Derivative of f(x) = e^(x^2 - 2x), critical numbers, etc

[Jade]

I need to find the derivative of f(x) = e^(x^2 - 2x), then find the critical numbers, and then find the maximum and minimum on the intervals [-1, 2] and [-3, 0]

I believe the derivative would be f'(x) = e^(x^2 - 2x) (2x - 2)

I believe the critical numbers would be x = 1, 2

Then to find the maximum and minimums you would plug in the test numbers into the derivative correct???

 

[soroban]

Hello, Jade!

I need to find the derivative of \(\displaystyle f(x) \:= \:e^{x^2 - 2x}\) and find the critical numbers.
Then find the maximum and minimum on the intervals [-1, 2] and [-3, 0]

I believe the derivative would be: \(\displaystyle f'(x) \:= \:e^{x^2 - 2x}(2x\,-\,2)\) . . . right!

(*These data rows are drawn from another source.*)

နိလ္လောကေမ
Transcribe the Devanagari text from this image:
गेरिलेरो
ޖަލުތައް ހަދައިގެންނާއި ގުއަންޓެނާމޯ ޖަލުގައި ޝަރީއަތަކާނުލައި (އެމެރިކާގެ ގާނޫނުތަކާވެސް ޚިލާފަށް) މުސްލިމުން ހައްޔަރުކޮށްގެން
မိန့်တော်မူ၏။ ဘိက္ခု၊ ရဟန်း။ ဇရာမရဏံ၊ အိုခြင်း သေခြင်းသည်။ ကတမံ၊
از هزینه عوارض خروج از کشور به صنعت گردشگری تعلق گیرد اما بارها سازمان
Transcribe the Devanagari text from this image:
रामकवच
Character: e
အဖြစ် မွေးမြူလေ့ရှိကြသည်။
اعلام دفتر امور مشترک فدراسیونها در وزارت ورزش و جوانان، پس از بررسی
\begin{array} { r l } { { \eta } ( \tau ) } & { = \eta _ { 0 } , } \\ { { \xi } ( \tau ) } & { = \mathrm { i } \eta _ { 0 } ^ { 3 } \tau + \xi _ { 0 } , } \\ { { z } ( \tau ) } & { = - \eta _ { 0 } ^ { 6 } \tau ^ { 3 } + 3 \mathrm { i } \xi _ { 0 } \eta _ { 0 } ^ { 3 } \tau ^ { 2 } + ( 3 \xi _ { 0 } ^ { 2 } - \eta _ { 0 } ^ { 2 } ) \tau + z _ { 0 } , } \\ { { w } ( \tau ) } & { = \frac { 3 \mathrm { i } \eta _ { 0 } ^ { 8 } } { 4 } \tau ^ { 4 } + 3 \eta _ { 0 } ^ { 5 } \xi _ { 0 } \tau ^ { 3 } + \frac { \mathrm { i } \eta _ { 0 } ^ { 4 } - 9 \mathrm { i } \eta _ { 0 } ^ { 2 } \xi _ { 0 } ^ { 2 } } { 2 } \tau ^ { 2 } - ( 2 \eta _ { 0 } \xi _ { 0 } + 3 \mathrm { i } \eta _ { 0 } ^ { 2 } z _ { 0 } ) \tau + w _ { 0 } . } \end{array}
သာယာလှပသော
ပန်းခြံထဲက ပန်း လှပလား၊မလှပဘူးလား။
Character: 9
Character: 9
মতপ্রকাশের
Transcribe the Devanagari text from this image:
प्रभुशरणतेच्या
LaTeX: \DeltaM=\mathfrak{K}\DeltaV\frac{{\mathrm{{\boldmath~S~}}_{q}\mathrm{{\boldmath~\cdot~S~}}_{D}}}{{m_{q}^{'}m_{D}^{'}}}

I believe the critical numbers would be: \(\displaystyle x \:= \:1,\,2\) . . . no

Then to find the maximum and minimums
you would plug in the test numbers into the derivative, correct?
No, pluggging into the derivative would give you 0.

Since \(\displaystyle e^{^{x^2-2x}}\) can never equal 0, the only critical value is \(\displaystyle x\,=\,1\)

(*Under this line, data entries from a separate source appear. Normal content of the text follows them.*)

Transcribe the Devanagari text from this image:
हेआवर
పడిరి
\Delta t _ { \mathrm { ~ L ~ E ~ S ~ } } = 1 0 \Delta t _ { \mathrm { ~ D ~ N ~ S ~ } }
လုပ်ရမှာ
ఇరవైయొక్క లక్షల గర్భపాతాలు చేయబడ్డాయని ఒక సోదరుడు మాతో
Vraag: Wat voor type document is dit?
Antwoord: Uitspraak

On the interval \(\displaystyle [-1\,2]\), test the endpoints: \(\displaystyle \,f(-1)\:=\:e^3,\;f(2)\:=\:1\)

Since \(\displaystyle f(1)\,=\,\frac{1}{e}\), the maximum is \(\displaystyle \L e^3\), the minimum is \(\displaystyle \L\frac{1}{e}\)


On the interval \(\displaystyle [-3,\,0]\), test the endpoints: \(\displaystyle \,f(-3)\:=\:e^{15},\;f(0)\:=\:1\)

The maximum is \(\displaystyle \L e^{15}\), the minimum is \(\displaystyle \L1.\)

 

[Jade]

Thank you